8. The method according to claim 1, characterized in that, The step (4) involves inputting the key network status information and the latent variables into the policy network, and outputting a cross-layer joint anti-interference decision action that includes physical layer operating waveforms, operating frequency selection, and network layer routing selection. Its implementation includes: 4a) After the communication node enters an unknown interference environment, collect key network status information of the current scenario, and at the same time collect a small amount of environmental interaction data from 5 to 10 time slots to accumulate context trajectory data. The input is fed into the contextual reasoning network to obtain the new scene feature vector. ; 4b) Combine the current scenario's key network status information with... After being concatenated, the data is input into the policy network. The physical layer decision branch in the policy network outputs the working waveform and working frequency of the physical layer, and the network layer routing protocol is output through the network layer decision branch in the policy network.
9. A fast-converging, networked, anti-interference decision-making system for wireless ad hoc networks, characterized in that, include: The key status information filtering module is used to output a set of key network status information. The scenario building module is used to combine different interference modes and network configurations to model task scenarios. The data acquisition module is used to collect state-action-reward trajectory data in various scenarios, divide it into support sets and query sets according to preset ratios, and store them. The scene feature inference module is used to extract aggregated features from the historical trajectories of the support set, output the Gaussian distribution parameters of the scene-specific features, and then obtain the specific feature variables that characterize the features of the interference scene through reparameterized sampling. The online adaptive decision-making module is used to output cross-layer joint anti-interference actions and issue them for execution.
10. The system according to claim 9, characterized in that, The latent variable inference module includes: The feature extraction submodule is used to input the supported centralized trajectory data into a multi-layer fully connected network, perform parallel feature encoding on single-step interaction samples, and obtain the corresponding intermediate feature representations; The context aggregation submodule is used to perform average pooling on the intermediate feature representation output by the feature extraction submodule to obtain a global context feature representation that is independent of the trajectory order.
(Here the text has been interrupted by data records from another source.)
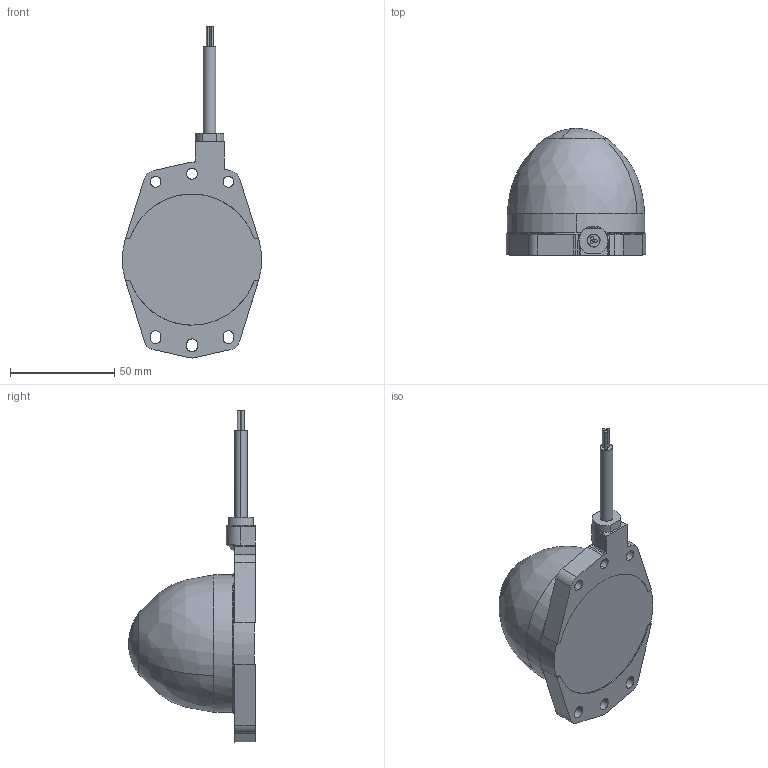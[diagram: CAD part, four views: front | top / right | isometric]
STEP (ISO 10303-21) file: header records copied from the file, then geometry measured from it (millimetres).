
FILE_DESCRIPTION (( 'STEP AP214' ), '1' );
FILE_NAME ('03_LH1D-D3HQ4C[10][30][50]$.STEP', '2020-10-23T07:33:02', ( 'IDEC' ), ( 'IDEC' ), 'SwSTEP 2.0', 'SolidWorks 2019', '' );
FILE_SCHEMA (( 'AUTOMOTIVE_DESIGN' ));
Length unit declared in the file: millimetre
Products named in the file (1): 03_LH1D-D3HQ4C[10][30][50]$
Bounding box: 67 x 61 x 159.55 mm (x, y, z)
Volume: 175762.7 mm3; surface area: 22699.4 mm2
Topology: 1 solids, 1 shells, 104 faces, 295 edges, 199 vertices
Faces by surface type: cylinder 52, plane 41, bspline 8, cone 3
Entity records: 4866 total; most frequent: CARTESIAN_POINT 2148, ORIENTED_EDGE 586, DIRECTION 416, EDGE_CURVE 293, VERTEX_POINT 199, AXIS2_PLACEMENT_3D 144, VECTOR 128, LINE 128

The scene feature parameter output submodule is used to output the mean and variance parameters of the scene features based on the global context features, and to construct a Gaussian distribution representation of the interference scene. The scene feature sampling submodule is used to generate feature variables that characterize the current scene based on the Gaussian distribution parameters through a reparameterized sampling method.
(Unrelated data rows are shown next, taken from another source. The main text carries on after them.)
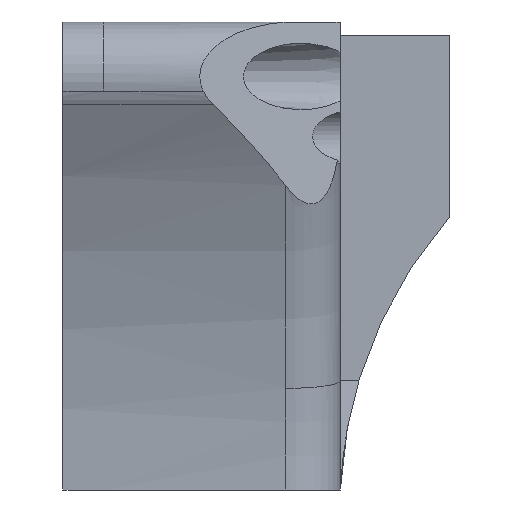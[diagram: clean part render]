
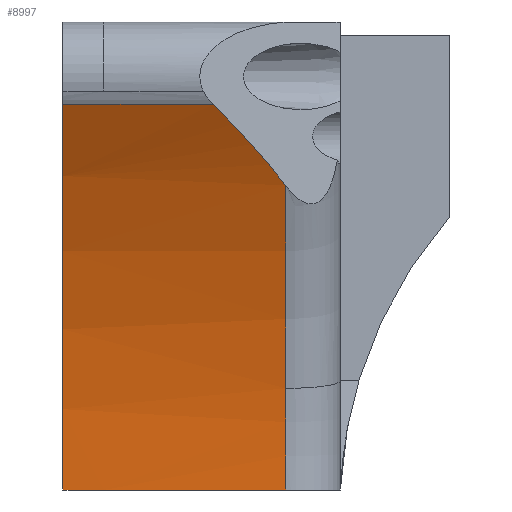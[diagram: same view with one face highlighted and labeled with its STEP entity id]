
A CAD part, left-side view. The second image highlights one B-rep face of the part: STEP entity #8997.
In plain terms, the highlighted cylindrical face has radius 41.469 mm (diameter 82.938 mm), a partial arc.
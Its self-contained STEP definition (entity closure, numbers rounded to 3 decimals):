
#128 = PLANE('',#129);
#129 = AXIS2_PLACEMENT_3D('',#130,#131,#132);
#130 = CARTESIAN_POINT('',(-9.74,0.,1.));
#131 = DIRECTION('',(0.,0.,-1.));
#132 = DIRECTION('',(-1.,0.,0.));
#2541 = PLANE('',#2542);
#2542 = AXIS2_PLACEMENT_3D('',#2543,#2544,#2545);
#2543 = CARTESIAN_POINT('',(-9.74,0.,1.));
#2544 = DIRECTION('',(0.,0.,1.));
#2545 = DIRECTION('',(-1.,0.,0.));
#2634 = VERTEX_POINT('',#2635);
#2635 = CARTESIAN_POINT('',(-9.74,0.,1.));
#2656 = EDGE_CURVE('',#2634,#2657,#2659,.T.);
#2657 = VERTEX_POINT('',#2658);
#2658 = CARTESIAN_POINT('',(-9.74,-10.,1.));
#2659 = SURFACE_CURVE('',#2660,(#2664,#2671),.PCURVE_S1.);
#2660 = LINE('',#2661,#2662);
#2661 = CARTESIAN_POINT('',(-9.74,0.,1.));
#2662 = VECTOR('',#2663,1.);
#2663 = DIRECTION('',(0.,-1.,0.));
#2664 = PCURVE('',#128,#2665);
#2665 = DEFINITIONAL_REPRESENTATION('',(#2666),#2670);
#2666 = LINE('',#2667,#2668);
#2667 = CARTESIAN_POINT('',(-0.,0.));
#2668 = VECTOR('',#2669,1.);
#2669 = DIRECTION('',(0.,-1.));
#2670 = ( GEOMETRIC_REPRESENTATION_CONTEXT(2) 
PARAMETRIC_REPRESENTATION_CONTEXT() REPRESENTATION_CONTEXT('2D SPACE',''
  ) );
#2671 = PCURVE('',#2672,#2677);
#2672 = CYLINDRICAL_SURFACE('',#2673,41.469);
#2673 = AXIS2_PLACEMENT_3D('',#2674,#2675,#2676);
#2674 = CARTESIAN_POINT('',(-51.209,-50.,1.));
#2675 = DIRECTION('',(0.,-1.,0.));
#2676 = DIRECTION('',(-1.,0.,0.));
#2677 = DEFINITIONAL_REPRESENTATION('',(#2678),#2682);
#2678 = LINE('',#2679,#2680);
#2679 = CARTESIAN_POINT('',(-3.142,-50.));
#2680 = VECTOR('',#2681,1.);
#2681 = DIRECTION('',(0.,1.));
#2682 = ( GEOMETRIC_REPRESENTATION_CONTEXT(2) 
PARAMETRIC_REPRESENTATION_CONTEXT() REPRESENTATION_CONTEXT('2D SPACE',''
  ) );
#3812 = TOROIDAL_SURFACE('',#3813,44.469,3.);
#3813 = AXIS2_PLACEMENT_3D('',#3814,#3815,#3816);
#3814 = CARTESIAN_POINT('',(-51.209,-10.,1.));
#3815 = DIRECTION('',(0.,-1.,0.));
#3816 = DIRECTION('',(1.,0.,0.));
#8265 = PLANE('',#8266);
#8266 = AXIS2_PLACEMENT_3D('',#8267,#8268,#8269);
#8267 = CARTESIAN_POINT('',(-6.59,2.25,14.665));
#8268 = DIRECTION('',(0.,1.,0.));
#8269 = DIRECTION('',(0.,0.,-1.));
#8842 = EDGE_CURVE('',#2634,#8843,#8845,.T.);
#8843 = VERTEX_POINT('',#8844);
#8844 = CARTESIAN_POINT('',(-9.74,2.25,1.));
#8845 = SURFACE_CURVE('',#8846,(#8850,#8857),.PCURVE_S1.);
#8846 = LINE('',#8847,#8848);
#8847 = CARTESIAN_POINT('',(-9.74,0.,1.));
#8848 = VECTOR('',#8849,1.);
#8849 = DIRECTION('',(0.,1.,0.));
#8850 = PCURVE('',#2541,#8851);
#8851 = DEFINITIONAL_REPRESENTATION('',(#8852),#8856);
#8852 = LINE('',#8853,#8854);
#8853 = CARTESIAN_POINT('',(-0.,0.));
#8854 = VECTOR('',#8855,1.);
#8855 = DIRECTION('',(0.,-1.));
#8856 = ( GEOMETRIC_REPRESENTATION_CONTEXT(2) 
PARAMETRIC_REPRESENTATION_CONTEXT() REPRESENTATION_CONTEXT('2D SPACE',''
  ) );
#8857 = PCURVE('',#2672,#8858);
#8858 = DEFINITIONAL_REPRESENTATION('',(#8859),#8863);
#8859 = LINE('',#8860,#8861);
#8860 = CARTESIAN_POINT('',(-3.142,-50.));
#8861 = VECTOR('',#8862,1.);
#8862 = DIRECTION('',(-0.,-1.));
#8863 = ( GEOMETRIC_REPRESENTATION_CONTEXT(2) 
PARAMETRIC_REPRESENTATION_CONTEXT() REPRESENTATION_CONTEXT('2D SPACE',''
  ) );
#8948 = VERTEX_POINT('',#8949);
#8949 = CARTESIAN_POINT('',(-10.119,-10.,6.595));
#8964 = TOROIDAL_SURFACE('',#8965,44.469,3.);
#8965 = AXIS2_PLACEMENT_3D('',#8966,#8967,#8968);
#8966 = CARTESIAN_POINT('',(-51.209,-10.,1.));
#8967 = DIRECTION('',(0.,-1.,0.));
#8968 = DIRECTION('',(0.989,0.,0.145)
  );
#8976 = EDGE_CURVE('',#2657,#8948,#8977,.T.);
#8977 = SURFACE_CURVE('',#8978,(#8983,#8990),.PCURVE_S1.);
#8978 = CIRCLE('',#8979,41.469);
#8979 = AXIS2_PLACEMENT_3D('',#8980,#8981,#8982);
#8980 = CARTESIAN_POINT('',(-51.209,-10.,1.));
#8981 = DIRECTION('',(0.,-1.,0.));
#8982 = DIRECTION('',(1.,0.,0.));
#8983 = PCURVE('',#3812,#8984);
#8984 = DEFINITIONAL_REPRESENTATION('',(#8985),#8989);
#8985 = LINE('',#8986,#8987);
#8986 = CARTESIAN_POINT('',(0.,3.142));
#8987 = VECTOR('',#8988,1.);
#8988 = DIRECTION('',(1.,0.));
#8989 = ( GEOMETRIC_REPRESENTATION_CONTEXT(2) 
PARAMETRIC_REPRESENTATION_CONTEXT() REPRESENTATION_CONTEXT('2D SPACE',''
  ) );
#8990 = PCURVE('',#2672,#8991);
#8991 = DEFINITIONAL_REPRESENTATION('',(#8992),#8996);
#8992 = LINE('',#8993,#8994);
#8993 = CARTESIAN_POINT('',(-3.142,-40.));
#8994 = VECTOR('',#8995,1.);
#8995 = DIRECTION('',(1.,-0.));
#8996 = ( GEOMETRIC_REPRESENTATION_CONTEXT(2) 
PARAMETRIC_REPRESENTATION_CONTEXT() REPRESENTATION_CONTEXT('2D SPACE',''
  ) );
#8997 = ADVANCED_FACE('',(#8998),#2672,.F.);
#8998 = FACE_BOUND('',#8999,.T.);
#8999 = EDGE_LOOP('',(#9000,#9034,#9062,#9088,#9089,#9090,#9091));
#9000 = ORIENTED_EDGE('',*,*,#9001,.F.);
#9001 = EDGE_CURVE('',#9002,#9004,#9006,.T.);
#9002 = VERTEX_POINT('',#9003);
#9003 = CARTESIAN_POINT('',(-15.578,-6.019,
    22.215));
#9004 = VERTEX_POINT('',#9005);
#9005 = CARTESIAN_POINT('',(-13.279,-10.,17.763));
#9006 = SURFACE_CURVE('',#9007,(#9012,#9022),.PCURVE_S1.);
#9007 = ELLIPSE('',#9008,82.938,41.469);
#9008 = AXIS2_PLACEMENT_3D('',#9009,#9010,#9011);
#9009 = CARTESIAN_POINT('',(-51.209,55.697,1.));
#9010 = DIRECTION('',(0.866,0.5,0.));
#9011 = DIRECTION('',(0.5,-0.866,0.));
#9012 = PCURVE('',#2672,#9013);
#9013 = DEFINITIONAL_REPRESENTATION('',(#9014),#9021);
#9014 = B_SPLINE_CURVE_WITH_KNOTS('',5,(#9015,#9016,#9017,#9018,#9019,
    #9020),.UNSPECIFIED.,.F.,.F.,(6,6),(5.746,6.026),
  .PIECEWISE_BEZIER_KNOTS.);
#9015 = CARTESIAN_POINT('',(-2.605,-43.981));
#9016 = CARTESIAN_POINT('',(-2.661,-41.923));
#9017 = CARTESIAN_POINT('',(-2.717,-40.107));
#9018 = CARTESIAN_POINT('',(-2.773,-38.546));
#9019 = CARTESIAN_POINT('',(-2.829,-37.251));
#9020 = CARTESIAN_POINT('',(-2.885,-36.229));
#9021 = ( GEOMETRIC_REPRESENTATION_CONTEXT(2) 
PARAMETRIC_REPRESENTATION_CONTEXT() REPRESENTATION_CONTEXT('2D SPACE',''
  ) );
#9022 = PCURVE('',#9023,#9028);
#9023 = PLANE('',#9024);
#9024 = AXIS2_PLACEMENT_3D('',#9025,#9026,#9027);
#9025 = CARTESIAN_POINT('',(-19.053,0.,
    0.));
#9026 = DIRECTION('',(0.866,0.5,0.));
#9027 = DIRECTION('',(0.5,-0.866,0.));
#9028 = DEFINITIONAL_REPRESENTATION('',(#9029),#9033);
#9029 = ELLIPSE('',#9030,82.938,41.469);
#9030 = AXIS2_PLACEMENT_2D('',#9031,#9032);
#9031 = CARTESIAN_POINT('',(-64.313,-1.));
#9032 = DIRECTION('',(1.,0.));
#9033 = ( GEOMETRIC_REPRESENTATION_CONTEXT(2) 
PARAMETRIC_REPRESENTATION_CONTEXT() REPRESENTATION_CONTEXT('2D SPACE',''
  ) );
#9034 = ORIENTED_EDGE('',*,*,#9035,.T.);
#9035 = EDGE_CURVE('',#9002,#9036,#9038,.T.);
#9036 = VERTEX_POINT('',#9037);
#9037 = CARTESIAN_POINT('',(-15.578,2.25,22.215));
#9038 = SURFACE_CURVE('',#9039,(#9043,#9050),.PCURVE_S1.);
#9039 = LINE('',#9040,#9041);
#9040 = CARTESIAN_POINT('',(-15.578,-50.,22.215));
#9041 = VECTOR('',#9042,1.);
#9042 = DIRECTION('',(0.,1.,0.));
#9043 = PCURVE('',#2672,#9044);
#9044 = DEFINITIONAL_REPRESENTATION('',(#9045),#9049);
#9045 = LINE('',#9046,#9047);
#9046 = CARTESIAN_POINT('',(-2.605,0.));
#9047 = VECTOR('',#9048,1.);
#9048 = DIRECTION('',(-0.,-1.));
#9049 = ( GEOMETRIC_REPRESENTATION_CONTEXT(2) 
PARAMETRIC_REPRESENTATION_CONTEXT() REPRESENTATION_CONTEXT('2D SPACE',''
  ) );
#9050 = PCURVE('',#9051,#9056);
#9051 = CYLINDRICAL_SURFACE('',#9052,3.);
#9052 = AXIS2_PLACEMENT_3D('',#9053,#9054,#9055);
#9053 = CARTESIAN_POINT('',(-13.,-50.,23.75));
#9054 = DIRECTION('',(0.,-1.,0.));
#9055 = DIRECTION('',(-1.,0.,0.));
#9056 = DEFINITIONAL_REPRESENTATION('',(#9057),#9061);
#9057 = LINE('',#9058,#9059);
#9058 = CARTESIAN_POINT('',(-5.746,0.));
#9059 = VECTOR('',#9060,1.);
#9060 = DIRECTION('',(-0.,-1.));
#9061 = ( GEOMETRIC_REPRESENTATION_CONTEXT(2) 
PARAMETRIC_REPRESENTATION_CONTEXT() REPRESENTATION_CONTEXT('2D SPACE',''
  ) );
#9062 = ORIENTED_EDGE('',*,*,#9063,.F.);
#9063 = EDGE_CURVE('',#8843,#9036,#9064,.T.);
#9064 = SURFACE_CURVE('',#9065,(#9070,#9077),.PCURVE_S1.);
#9065 = CIRCLE('',#9066,41.469);
#9066 = AXIS2_PLACEMENT_3D('',#9067,#9068,#9069);
#9067 = CARTESIAN_POINT('',(-51.209,2.25,1.));
#9068 = DIRECTION('',(0.,-1.,0.));
#9069 = DIRECTION('',(-1.,0.,0.));
#9070 = PCURVE('',#2672,#9071);
#9071 = DEFINITIONAL_REPRESENTATION('',(#9072),#9076);
#9072 = LINE('',#9073,#9074);
#9073 = CARTESIAN_POINT('',(-6.283,-52.25));
#9074 = VECTOR('',#9075,1.);
#9075 = DIRECTION('',(1.,-0.));
#9076 = ( GEOMETRIC_REPRESENTATION_CONTEXT(2) 
PARAMETRIC_REPRESENTATION_CONTEXT() REPRESENTATION_CONTEXT('2D SPACE',''
  ) );
#9077 = PCURVE('',#8265,#9078);
#9078 = DEFINITIONAL_REPRESENTATION('',(#9079),#9087);
#9079 = ( BOUNDED_CURVE() B_SPLINE_CURVE(2,(#9080,#9081,#9082,#9083,
#9084,#9085,#9086),.UNSPECIFIED.,.T.,.F.) B_SPLINE_CURVE_WITH_KNOTS((1,2
    ,2,2,2,1),(-2.094,0.,2.094,4.189,
6.283,8.378),.UNSPECIFIED.) CURVE() 
GEOMETRIC_REPRESENTATION_ITEM() RATIONAL_B_SPLINE_CURVE((1.,0.5,1.,0.5,
1.,0.5,1.)) REPRESENTATION_ITEM('') );
#9080 = CARTESIAN_POINT('',(13.665,86.088));
#9081 = CARTESIAN_POINT('',(85.492,86.088));
#9082 = CARTESIAN_POINT('',(49.578,23.884));
#9083 = CARTESIAN_POINT('',(13.665,-38.319));
#9084 = CARTESIAN_POINT('',(-22.248,23.884));
#9085 = CARTESIAN_POINT('',(-58.162,86.088));
#9086 = CARTESIAN_POINT('',(13.665,86.088));
#9087 = ( GEOMETRIC_REPRESENTATION_CONTEXT(2) 
PARAMETRIC_REPRESENTATION_CONTEXT() REPRESENTATION_CONTEXT('2D SPACE',''
  ) );
#9088 = ORIENTED_EDGE('',*,*,#8842,.F.);
#9089 = ORIENTED_EDGE('',*,*,#2656,.T.);
#9090 = ORIENTED_EDGE('',*,*,#8976,.T.);
#9091 = ORIENTED_EDGE('',*,*,#9092,.T.);
#9092 = EDGE_CURVE('',#8948,#9004,#9093,.T.);
#9093 = SURFACE_CURVE('',#9094,(#9099,#9106),.PCURVE_S1.);
#9094 = CIRCLE('',#9095,41.469);
#9095 = AXIS2_PLACEMENT_3D('',#9096,#9097,#9098);
#9096 = CARTESIAN_POINT('',(-51.209,-10.,1.));
#9097 = DIRECTION('',(0.,-1.,0.));
#9098 = DIRECTION('',(0.989,0.,0.145)
  );
#9099 = PCURVE('',#2672,#9100);
#9100 = DEFINITIONAL_REPRESENTATION('',(#9101),#9105);
#9101 = LINE('',#9102,#9103);
#9102 = CARTESIAN_POINT('',(-2.996,-40.));
#9103 = VECTOR('',#9104,1.);
#9104 = DIRECTION('',(1.,-0.));
#9105 = ( GEOMETRIC_REPRESENTATION_CONTEXT(2) 
PARAMETRIC_REPRESENTATION_CONTEXT() REPRESENTATION_CONTEXT('2D SPACE',''
  ) );
#9106 = PCURVE('',#8964,#9107);
#9107 = DEFINITIONAL_REPRESENTATION('',(#9108),#9112);
#9108 = LINE('',#9109,#9110);
#9109 = CARTESIAN_POINT('',(0.,3.142));
#9110 = VECTOR('',#9111,1.);
#9111 = DIRECTION('',(1.,0.));
#9112 = ( GEOMETRIC_REPRESENTATION_CONTEXT(2) 
PARAMETRIC_REPRESENTATION_CONTEXT() REPRESENTATION_CONTEXT('2D SPACE',''
  ) );

11. The system according to claim 9, characterized in that, The online adaptive decision-making module includes: The status information acquisition submodule is used to collect key network status information at the current moment after a communication node enters an unknown interference environment. The online scene feature inference submodule is used to collect a small amount of environmental interaction trajectory data within a preset number of time slots, and input the trajectory data into the scene feature inference module to generate the proprietary feature parameters corresponding to the current scene. The strategy decision submodule is used to concatenate the key networking status information with the proprietary feature parameters, input them into the strategy network, and output cross-layer joint anti-interference decision results.